=== TASK DIRECTIONS ===
Could you print the listing again exactly, omitting the pictures?
[Start of Attachment]
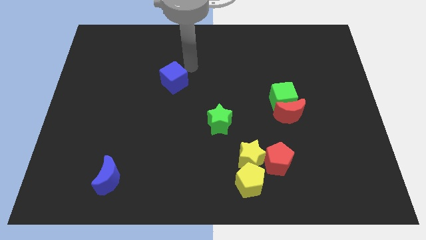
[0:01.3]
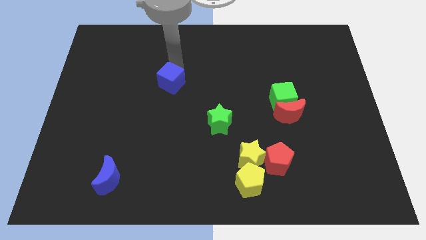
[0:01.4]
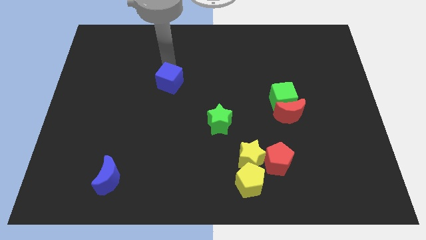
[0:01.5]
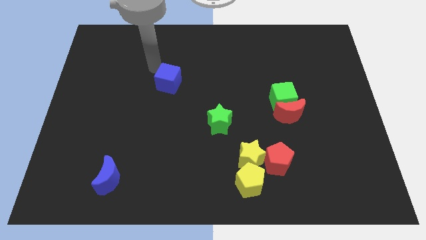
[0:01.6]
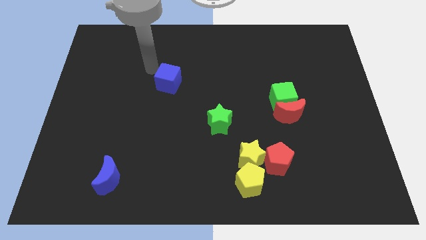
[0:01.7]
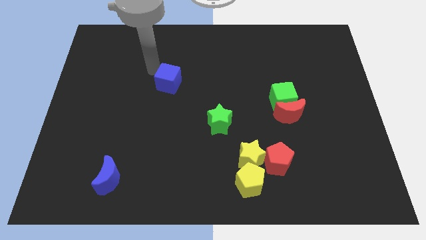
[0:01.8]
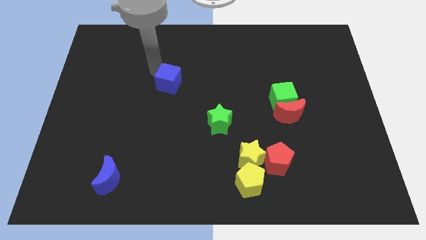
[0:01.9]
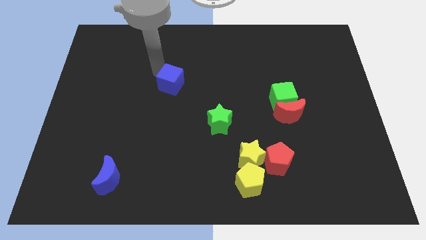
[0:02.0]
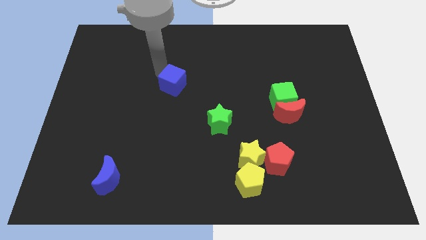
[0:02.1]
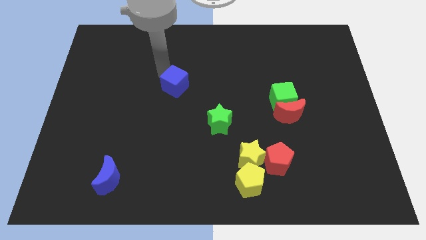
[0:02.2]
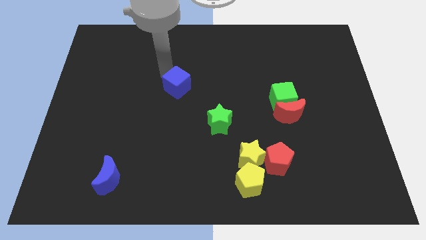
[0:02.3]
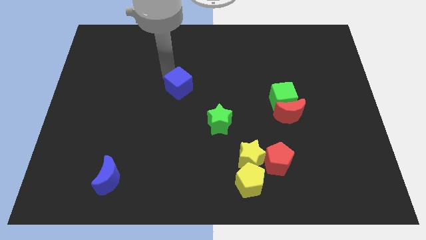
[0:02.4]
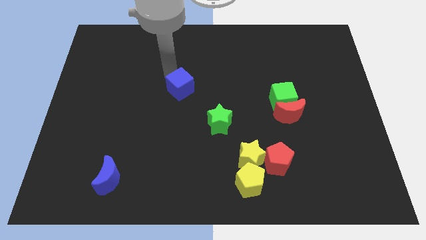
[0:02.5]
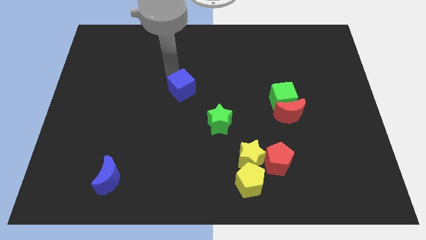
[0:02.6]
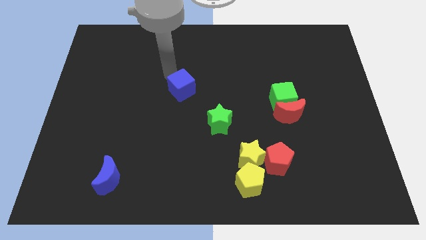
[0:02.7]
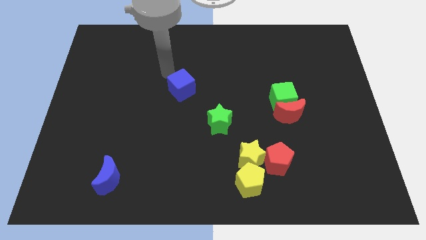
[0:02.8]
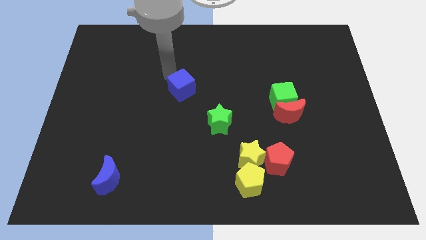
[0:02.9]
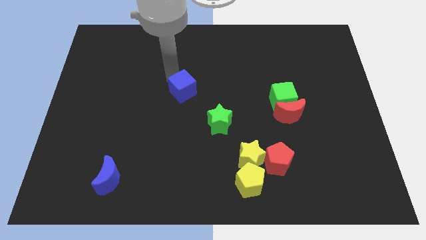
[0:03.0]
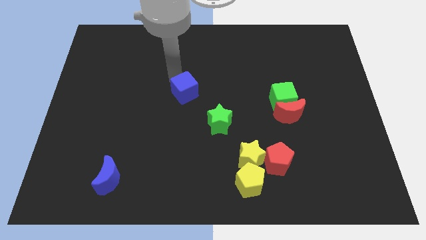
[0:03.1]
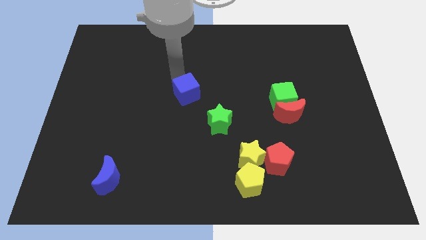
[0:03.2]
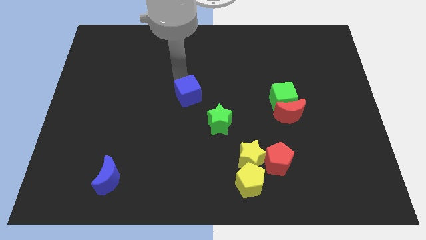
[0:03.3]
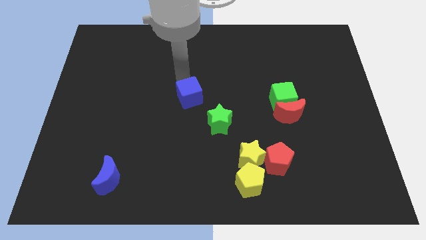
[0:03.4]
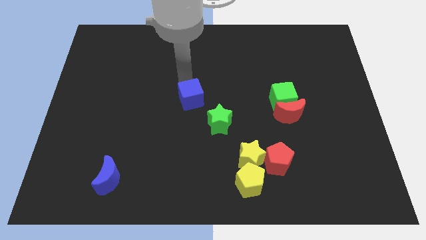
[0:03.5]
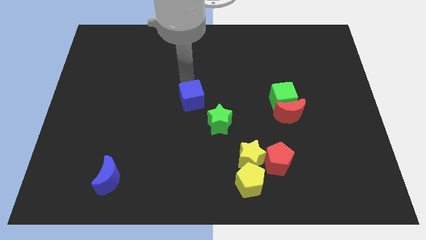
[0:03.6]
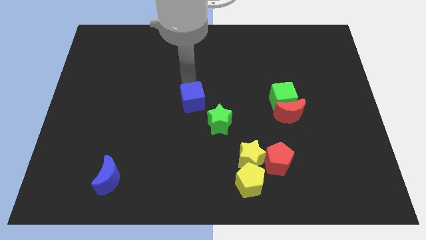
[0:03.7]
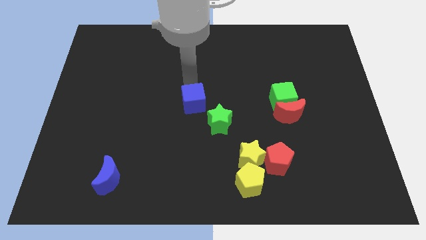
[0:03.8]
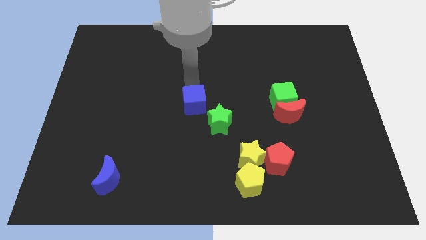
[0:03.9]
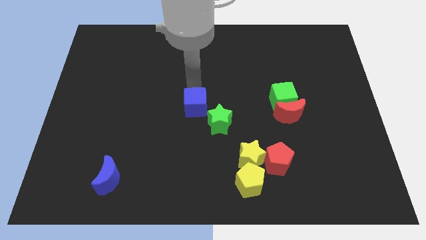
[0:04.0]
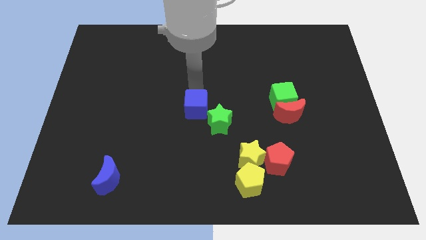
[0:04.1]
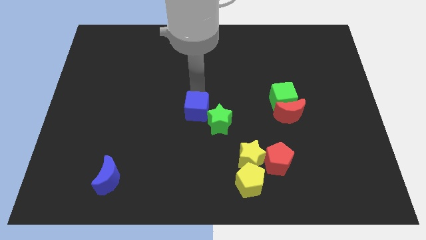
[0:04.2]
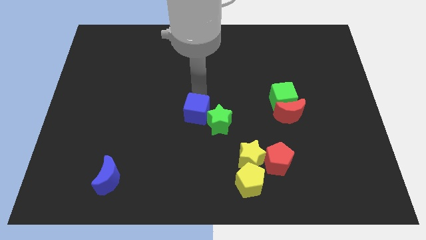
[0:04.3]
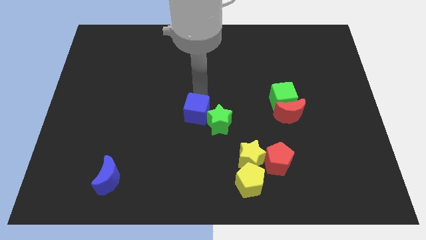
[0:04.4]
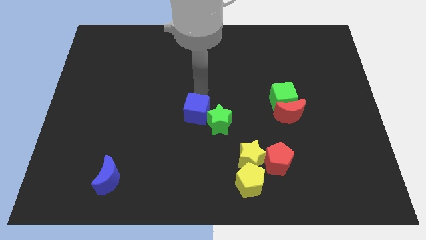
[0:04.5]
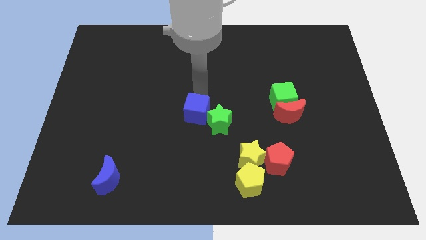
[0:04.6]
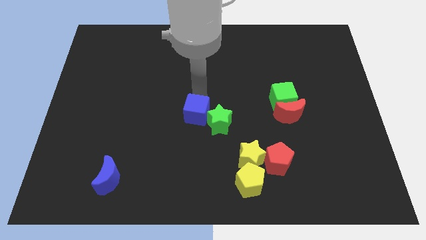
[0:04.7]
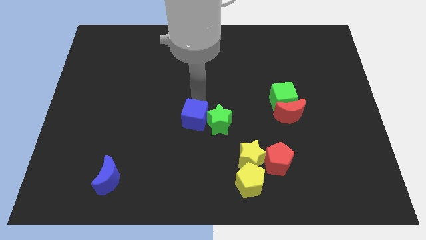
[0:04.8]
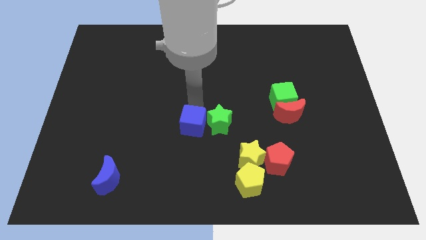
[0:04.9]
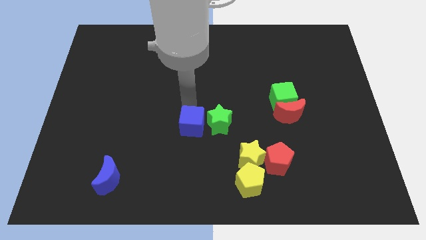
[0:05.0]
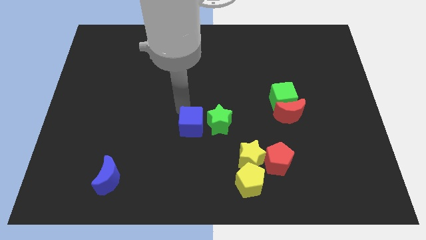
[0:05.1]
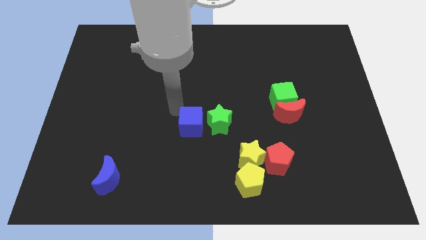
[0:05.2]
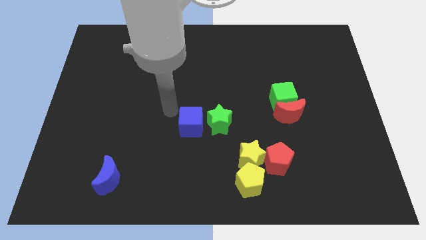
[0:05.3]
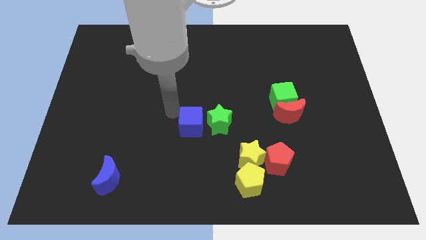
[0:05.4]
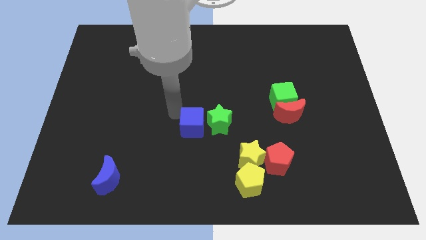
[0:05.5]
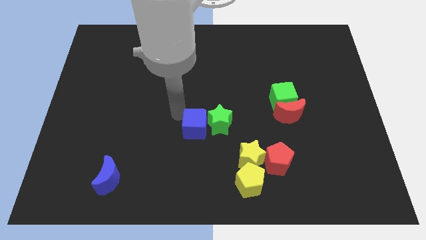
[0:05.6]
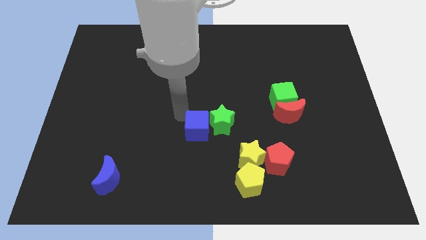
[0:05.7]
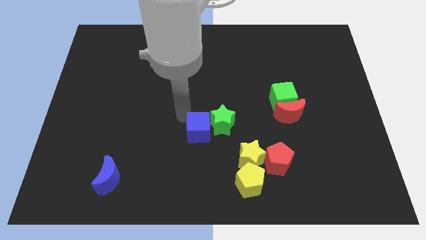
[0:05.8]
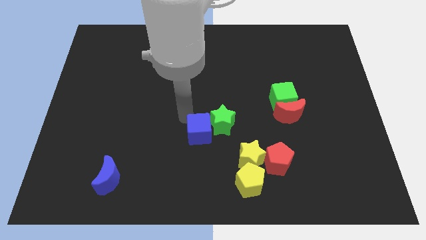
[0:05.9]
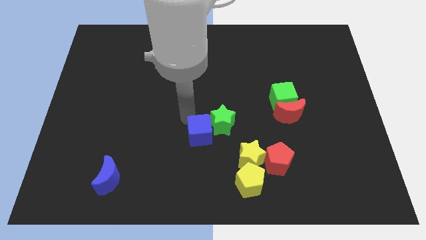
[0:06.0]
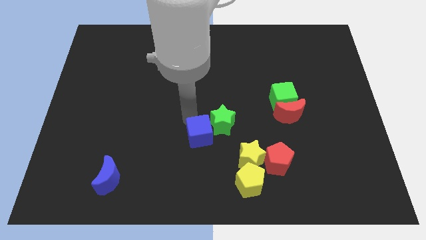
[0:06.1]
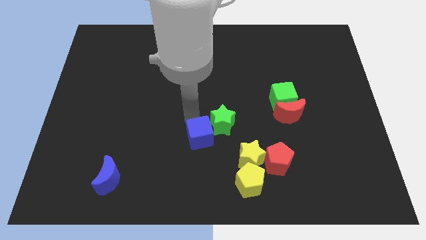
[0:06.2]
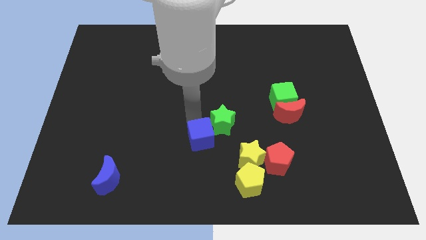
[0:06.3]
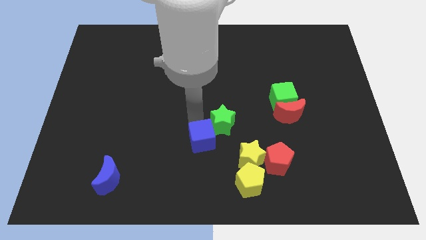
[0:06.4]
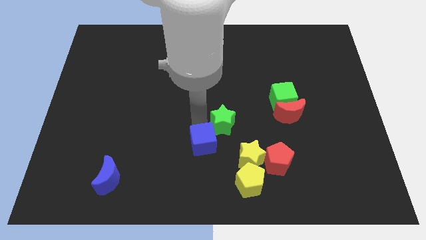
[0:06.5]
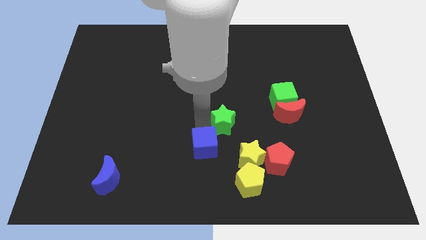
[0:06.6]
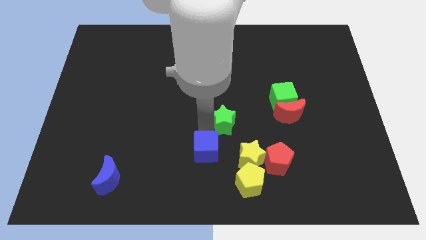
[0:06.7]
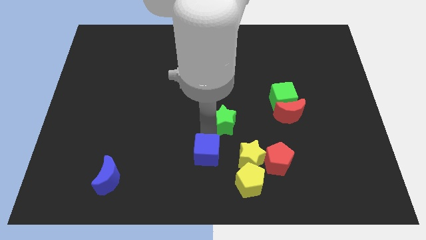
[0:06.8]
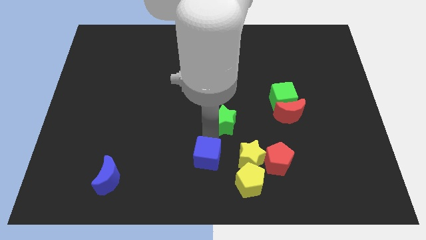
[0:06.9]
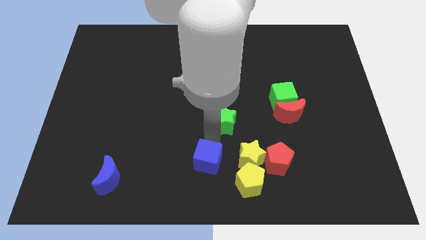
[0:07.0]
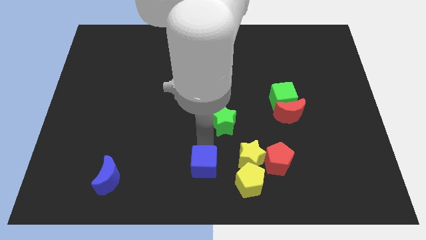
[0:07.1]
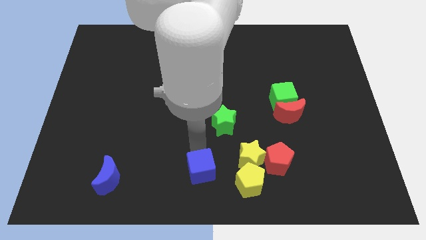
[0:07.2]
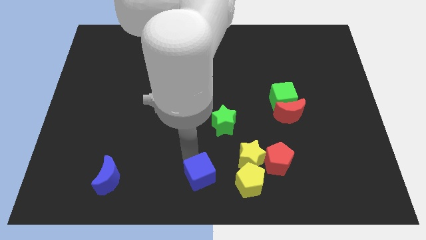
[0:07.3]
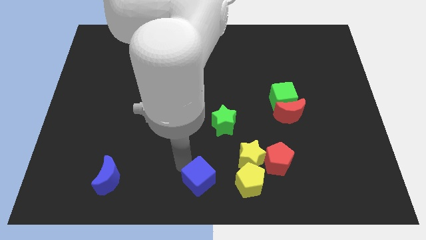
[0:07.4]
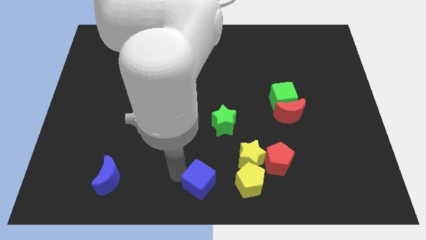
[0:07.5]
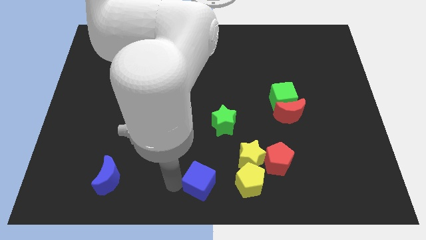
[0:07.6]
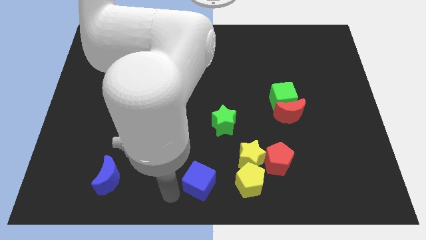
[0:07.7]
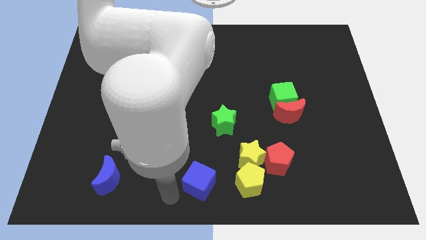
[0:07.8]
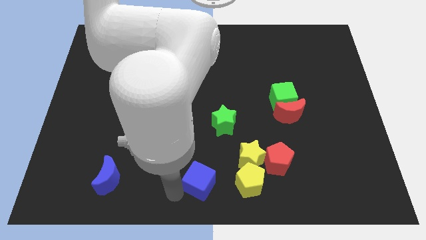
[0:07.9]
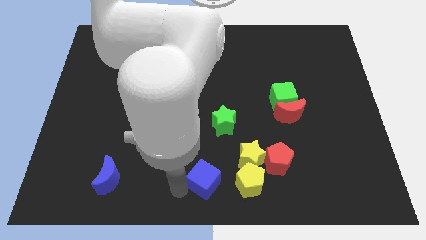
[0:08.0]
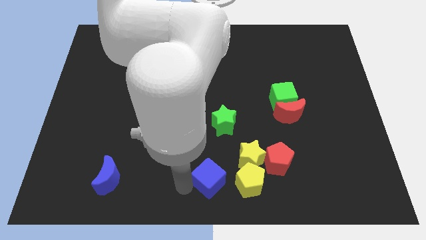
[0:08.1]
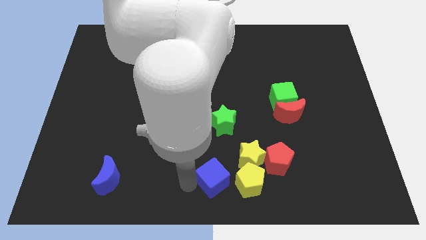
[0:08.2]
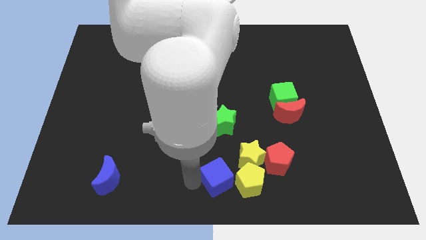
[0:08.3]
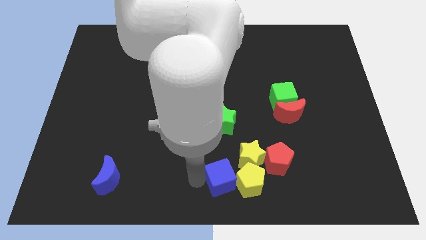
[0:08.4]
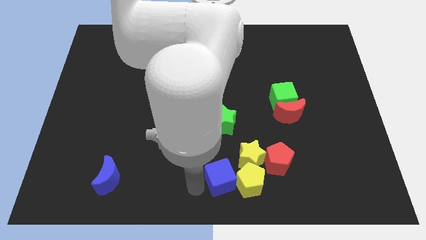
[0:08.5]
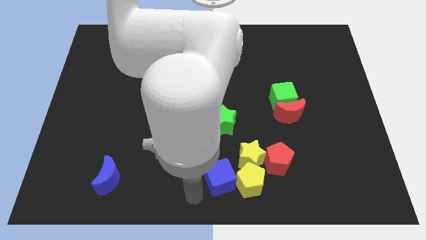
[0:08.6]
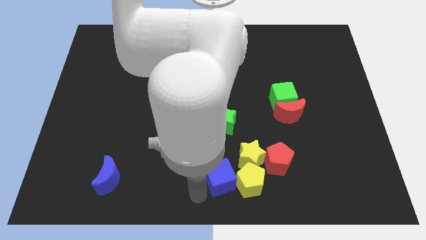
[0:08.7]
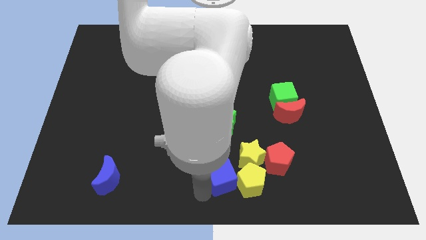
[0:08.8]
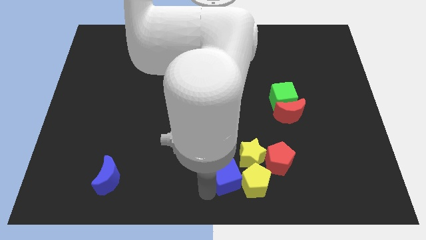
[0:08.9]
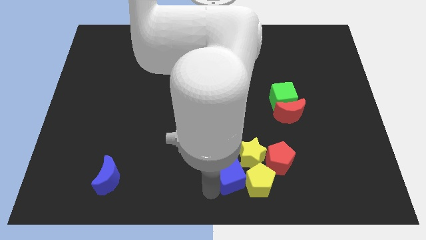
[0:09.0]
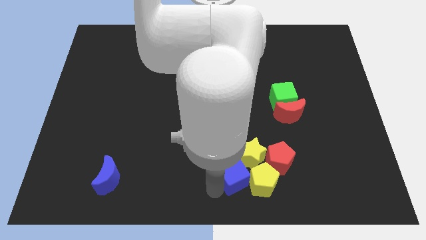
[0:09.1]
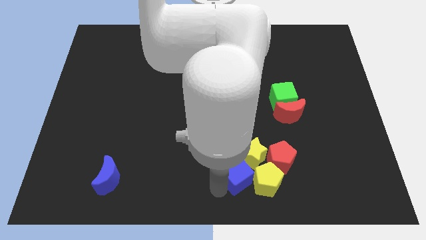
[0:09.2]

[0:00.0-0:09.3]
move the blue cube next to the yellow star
[End of Attachment]
=== RESPONSE BOX ===
[0:01.3]
[0:01.4]
[0:01.5]
[0:01.6]
[0:01.7]
[0:01.8]
[0:01.9]
[0:02.0]
[0:02.1]
[0:02.2]
[0:02.3]
[0:02.4]
[0:02.5]
[0:02.6]
[0:02.7]
[0:02.8]
[0:02.9]
[0:03.0]
[0:03.1]
[0:03.2]
[0:03.3]
[0:03.4]
[0:03.5]
[0:03.6]
[0:03.7]
[0:03.8]
[0:03.9]
[0:04.0]
[0:04.1]
[0:04.2]
[0:04.3]
[0:04.4]
[0:04.5]
[0:04.6]
[0:04.7]
[0:04.8]
[0:04.9]
[0:05.0]
[0:05.1]
[0:05.2]
[0:05.3]
[0:05.4]
[0:05.5]
[0:05.6]
[0:05.7]
[0:05.8]
[0:05.9]
[0:06.0]
[0:06.1]
[0:06.2]
[0:06.3]
[0:06.4]
[0:06.5]
[0:06.6]
[0:06.7]
[0:06.8]
[0:06.9]
[0:07.0]
[0:07.1]
[0:07.2]
[0:07.3]
[0:07.4]
[0:07.5]
[0:07.6]
[0:07.7]
[0:07.8]
[0:07.9]
[0:08.0]
[0:08.1]
[0:08.2]
[0:08.3]
[0:08.4]
[0:08.5]
[0:08.6]
[0:08.7]
[0:08.8]
[0:08.9]
[0:09.0]
[0:09.1]
[0:09.2]

[0:00.0-0:09.3]
move the blue cube next to the yellow star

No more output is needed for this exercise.